王騰開了一瓶本地產的米酒,給王成功倒了一杯,自己也倒了一杯。
他端起酒杯,看著王成功,目光中帶著一絲驕傲和欣慰:“成功,爸敬你一杯。你當上縣委書記了,是我老王家的光榮。來,幹了。”
王成功端起酒杯,和父親碰了一下,喝了一口。
米酒入口甘甜,帶著一股淡淡的糧食香氣,是家鄉的味道。
何春娟不停地給王成功夾菜,嘴裡唸叨著:“多吃點,看你瘦的。這個臘肉是你爸自己燻的,你嚐嚐。這個魚頭新鮮得很,今天早上在菜市場買的……”
王成功一邊吃一邊應著,在桃花縣,他是說一不二的縣長、書記,是幾十萬人的主心骨;但在家裡,他永遠是那個被父母牽掛和疼愛的兒子。
吃完飯,何春娟收拾了碗筷,泡了一壺茶,端到客廳。
一家三口在沙發上坐下,電視裡放著新聞,但誰也沒心思看。
何春娟猶豫了一下,終於忍不住開口問道:
“成功,那個姑娘……叫李靜是吧?她家裡是做什麼的?你一直沒說,我們也不好問。””
王成功端著茶杯,沉默了片刻,然後放下茶杯,看著父母,緩緩開口:“爸,媽,我跟你們說實話吧。李靜的爸爸,是省委書記李東海。”
客廳裡,一瞬間陷入了死寂。
王騰端著茶杯的手猛地一抖,茶水灑了出來,他張著嘴,呆呆地看著王成功,彷彿沒有聽清剛才那句話。

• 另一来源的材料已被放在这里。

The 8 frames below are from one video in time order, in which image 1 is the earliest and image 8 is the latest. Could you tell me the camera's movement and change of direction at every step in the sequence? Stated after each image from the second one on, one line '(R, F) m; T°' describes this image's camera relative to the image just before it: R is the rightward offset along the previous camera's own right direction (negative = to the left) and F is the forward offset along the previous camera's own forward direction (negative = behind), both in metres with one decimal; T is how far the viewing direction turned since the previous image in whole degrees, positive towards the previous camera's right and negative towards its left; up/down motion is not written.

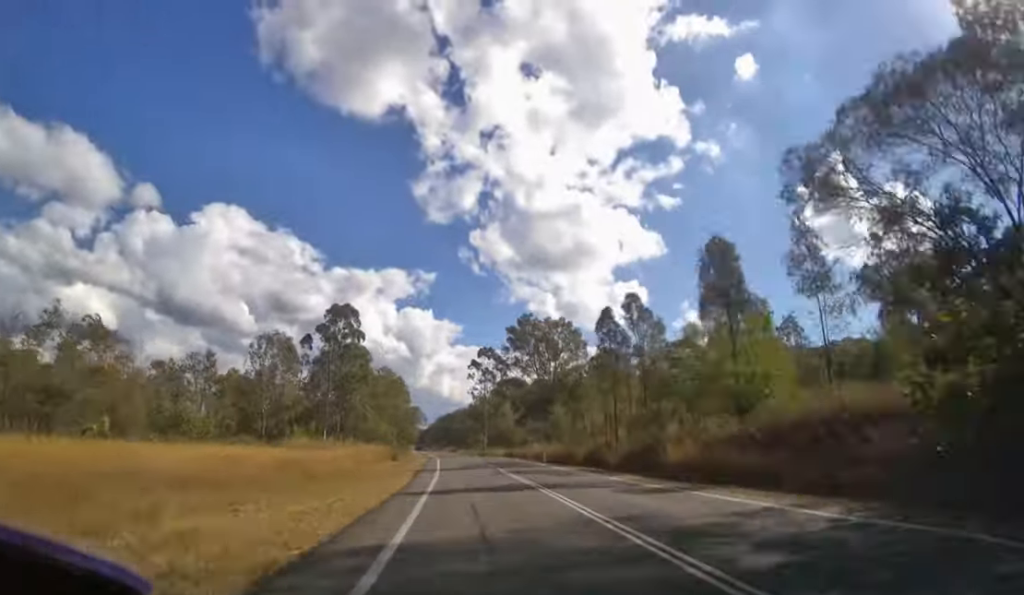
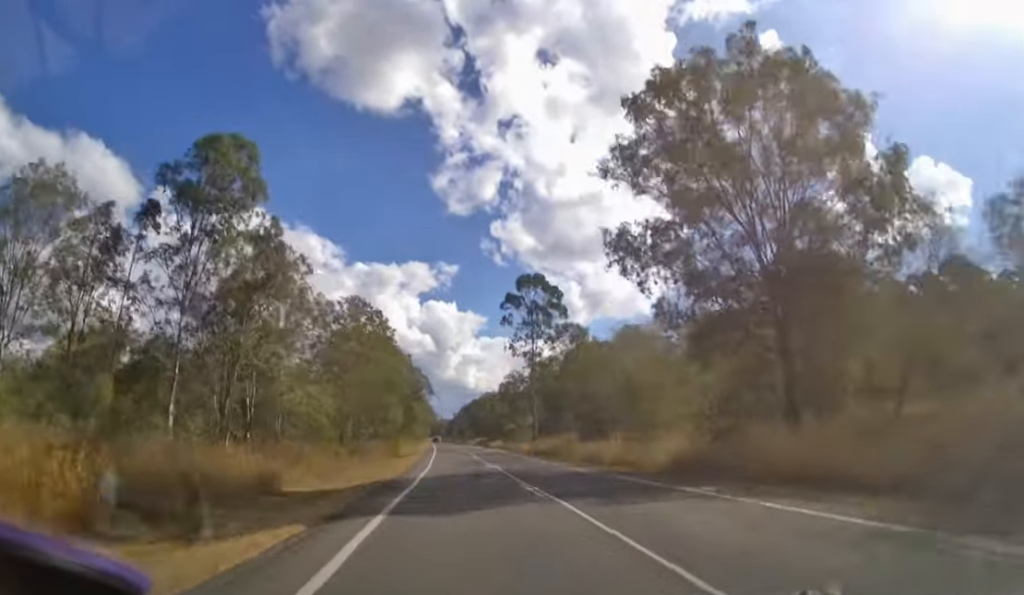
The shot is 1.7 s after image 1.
(-1.2, +55.3) m; -3°
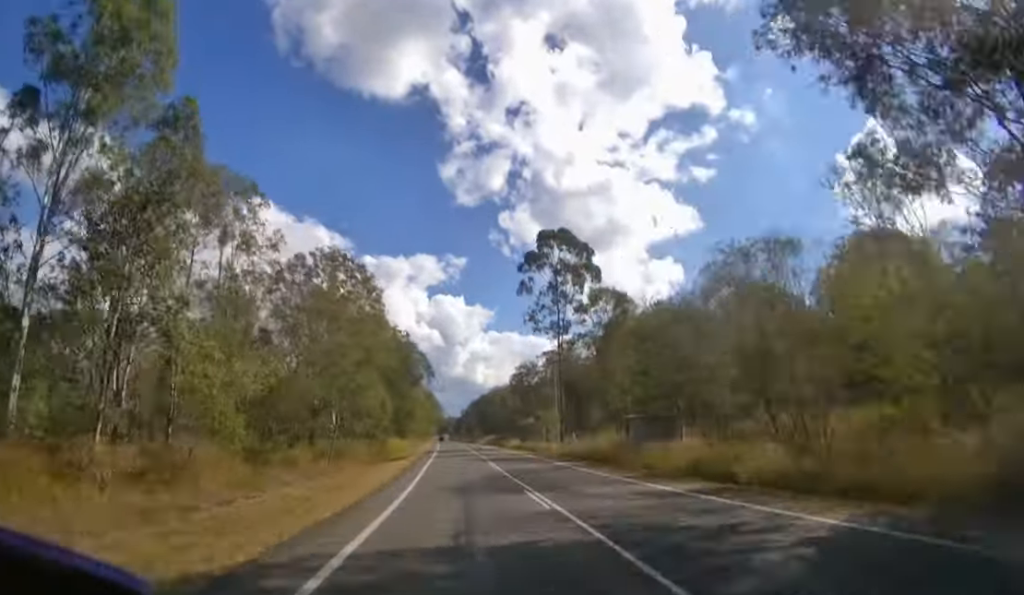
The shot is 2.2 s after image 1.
(-0.1, +14.2) m; -1°
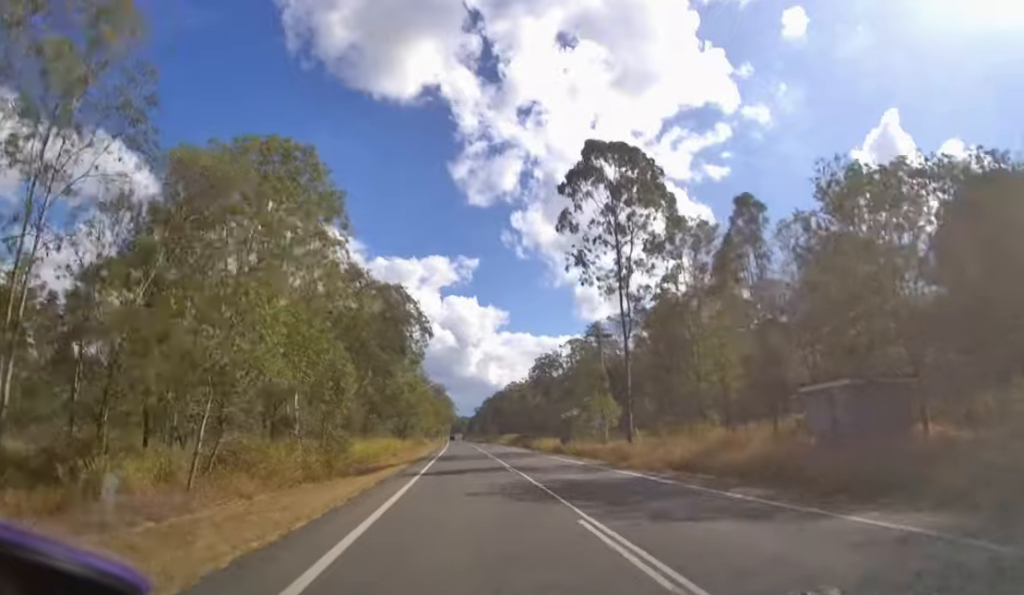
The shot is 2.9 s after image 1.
(-0.3, +19.3) m; -1°
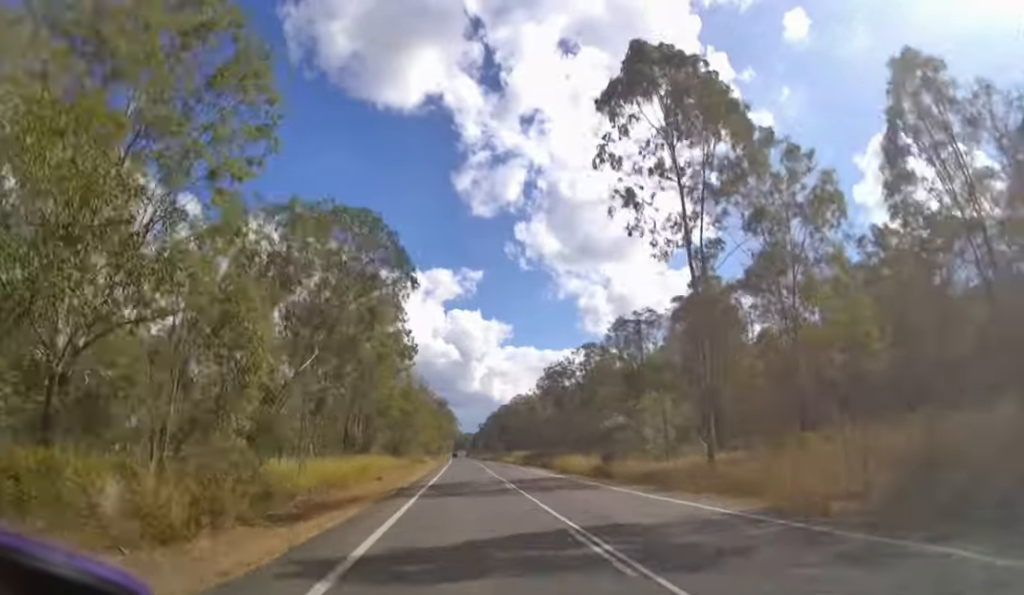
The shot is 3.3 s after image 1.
(-0.1, +11.4) m; -1°
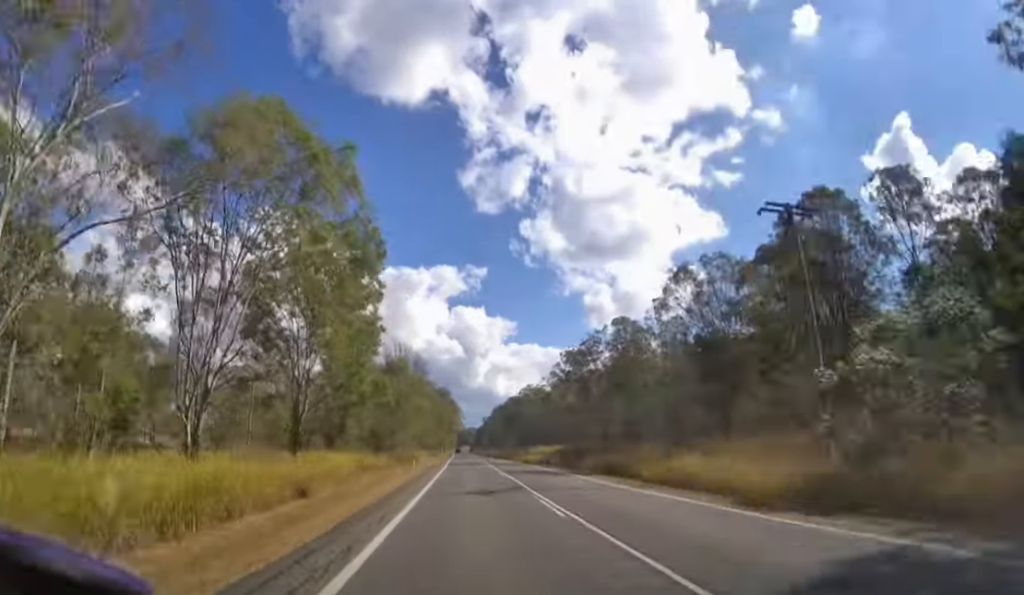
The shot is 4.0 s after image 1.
(-0.2, +19.0) m; -1°
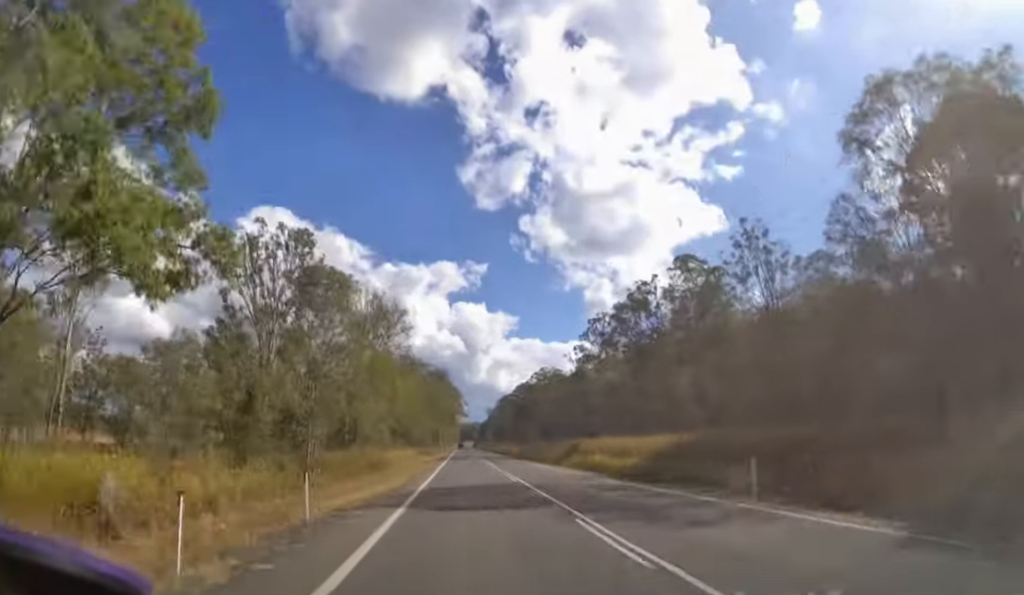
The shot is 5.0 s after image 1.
(-0.1, +27.7) m; 0°
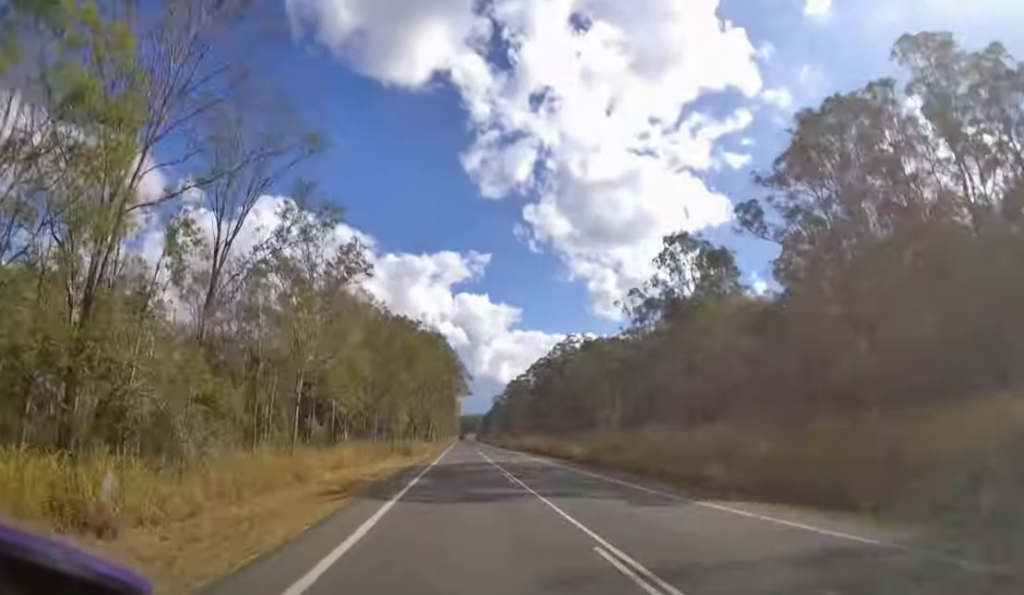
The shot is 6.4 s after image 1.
(-0.1, +32.3) m; 0°

何春娟更是直接愣住了,手裡拿著的水果盤“哐當”一聲掉在了地上,蘋果和梨滾了一地。
“你……你說什麼?”
何春娟的聲音帶著明顯的顫抖,“省委書記?她爸是省委書記?”
王成功點了點頭,神色平靜:“是的,媽。李靜的爸爸,就是湘南省委書記李東海。她爺爺,是國家成立初期的領導人之一。”
何春娟的身體晃了晃,連忙扶住沙發扶手,才沒有癱倒下去。
王騰也好不到哪裡去。
他放下茶杯,雙手在膝蓋上搓了搓,又搓了搓,彷彿不知道該把手放在哪裡。
他沉默了好一會兒,才緩緩開口,聲音有些沙啞:“成功,你……你怎麼不早點說?這……這也太突然了。”
王成功看著父母震驚的樣子,心中也有些歉疚。
他原本想早點告訴他們,但又怕他們壓力太大,提前好幾天都睡不好覺。
他只能選擇在回家之後、見面之前,當面告訴他們。
何春娟突然想起了什麼,猛地站起身,快步走進臥室,翻了一會兒,拿出一個小盒子,開啟,裡面是一隻金手鐲。
她把手鐲拿出來,在手心裡掂了掂,臉上露出懊惱的神色:“這是我給李靜準備的見面禮,才十六克……我當時想著,對方家裡如果是普通公務員,這個分量也差不多了。”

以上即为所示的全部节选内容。